Every person I ever came across that QQ'd about us restoration druids was a healer that 
A: Didn't want to learn his or her class
B: Didn't want to put effort into getting good gear 
C: Couldn't bother to spec the talents correctly
D: Couldn't bother to gem themselves properly.

Instead of QQing about druids being OP, perhaps butt-hurt healers could learn their class.  People just need to to research and play their class proper. I'm about over the amount of QQing people have about us druids. I'm sorry, we're not at fault when you've got an 80 priest decked out in tier ten and they are barely pulling an average of 1k in heals. I've seen that over and over...and yet I've also seen similar geared priests pull 5 to 6k heals on average. I've seen Shamans heal equal to what Druids are capable of. But learning your class is too hard isn't it? Realizing that priests and paly heals are good for TANKS, and Shamans and Druids are good for RAID...working on group mechanics, and doing a bit of research is apparently too hard.

That gets into a lot of the reasons behind a lot of class nukes. When stuff balances out people QQ because it's easier to blame other people than admit you just suck, you don't understand your class, you didn't put your talent points in correctly, your gems are all wrong, or perhaps your rotation is incorrect.

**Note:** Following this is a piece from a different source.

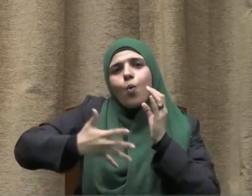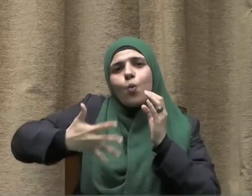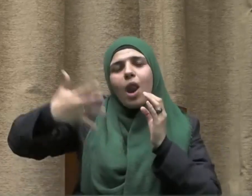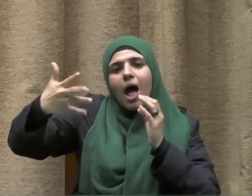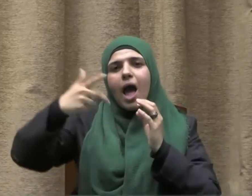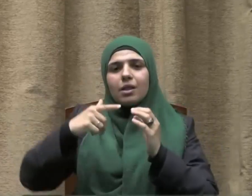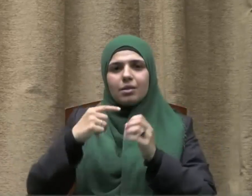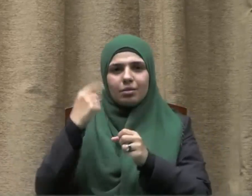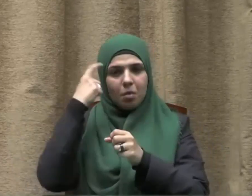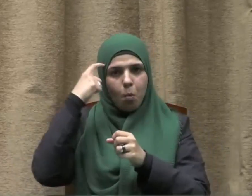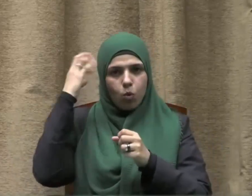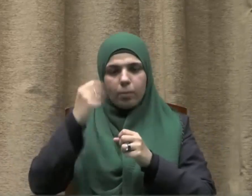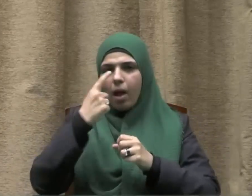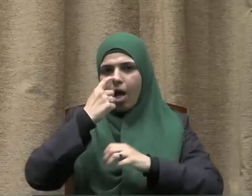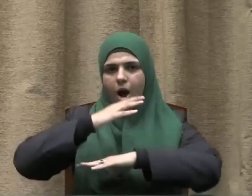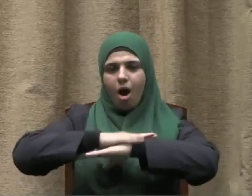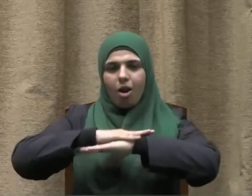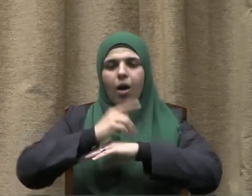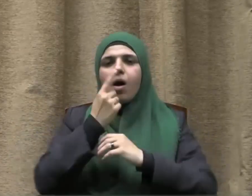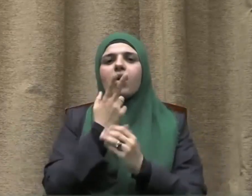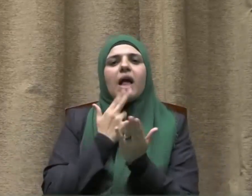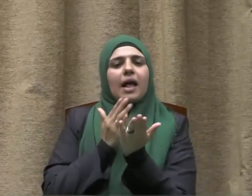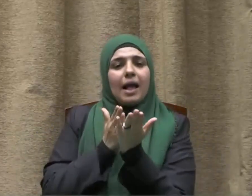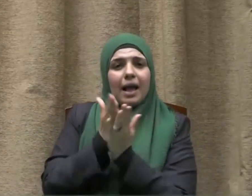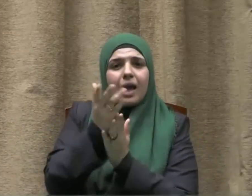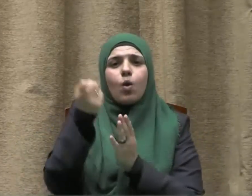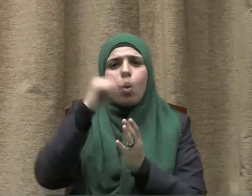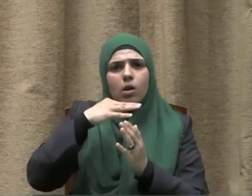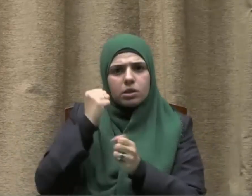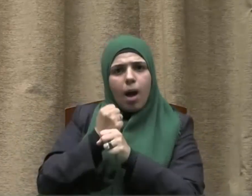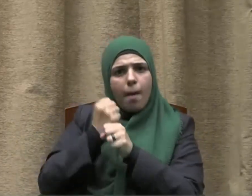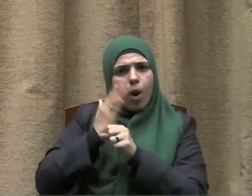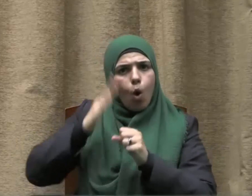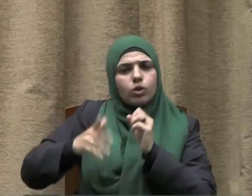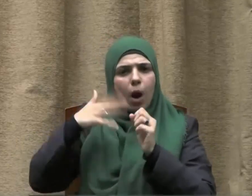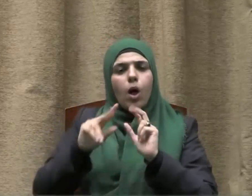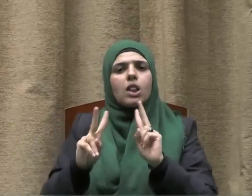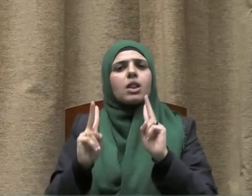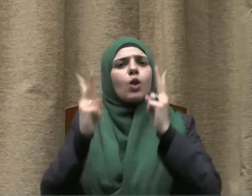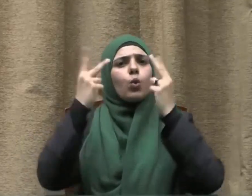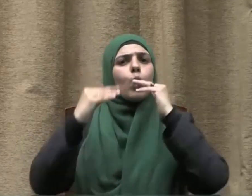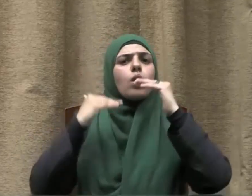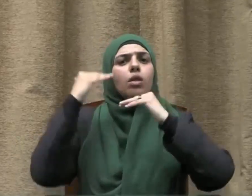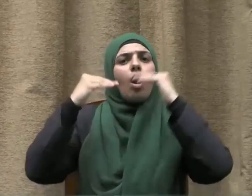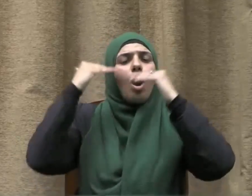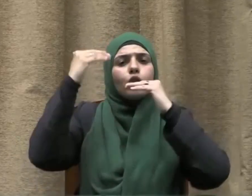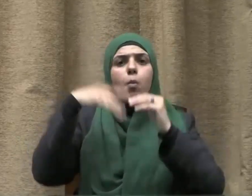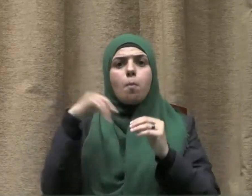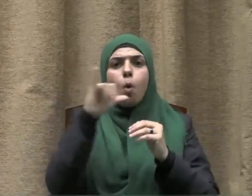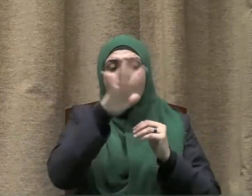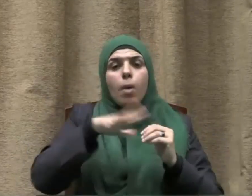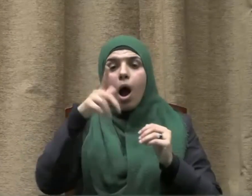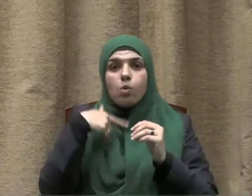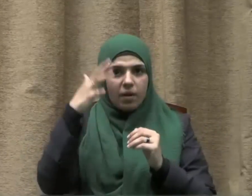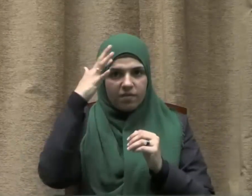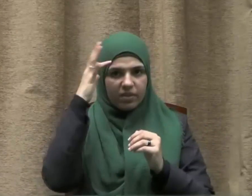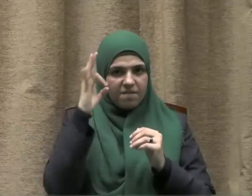سويا يتمتع بالأخلاق الطيبة والقدرة على التطور والتقدم والإدراك الكامل

EDIT: That said I'm not mad. They may have turned tree form into an o-shit button, but really the druids were not really nerfed that badly. In fact my heals are even higher now since the patch. Tree heals there were never OP to begin with. However that said I do realize that there is a slight problem on some servers where people think they can just stack druid heals in a raid and be fine. I personally refuse to raid with a group if they are trying to stack druid healers. That's not going to get you far progression wise in ICC. Again, not OUR problem when people fail and raid mechanics and raid make up.


----------



## Landown (Nov 5, 2010)

DPS specs got the better of this patch.While Pally tanking is harder its like ChillCoyotl said the challenge makes things more fun.I feel bad for resto druids I prefer resto druids over most healers up until now.I am sure they will tweak everything up soon enough.


----------



## Oovie (Nov 5, 2010)

If I purchase Cataclysm then I certainly look forward to the change to Restoration Druids, they've been the largest stress inducing combination in PvP throughout both BC and WotLK expansions. Second being the "face roll" doting Warlocks of BC PvP *cringes*.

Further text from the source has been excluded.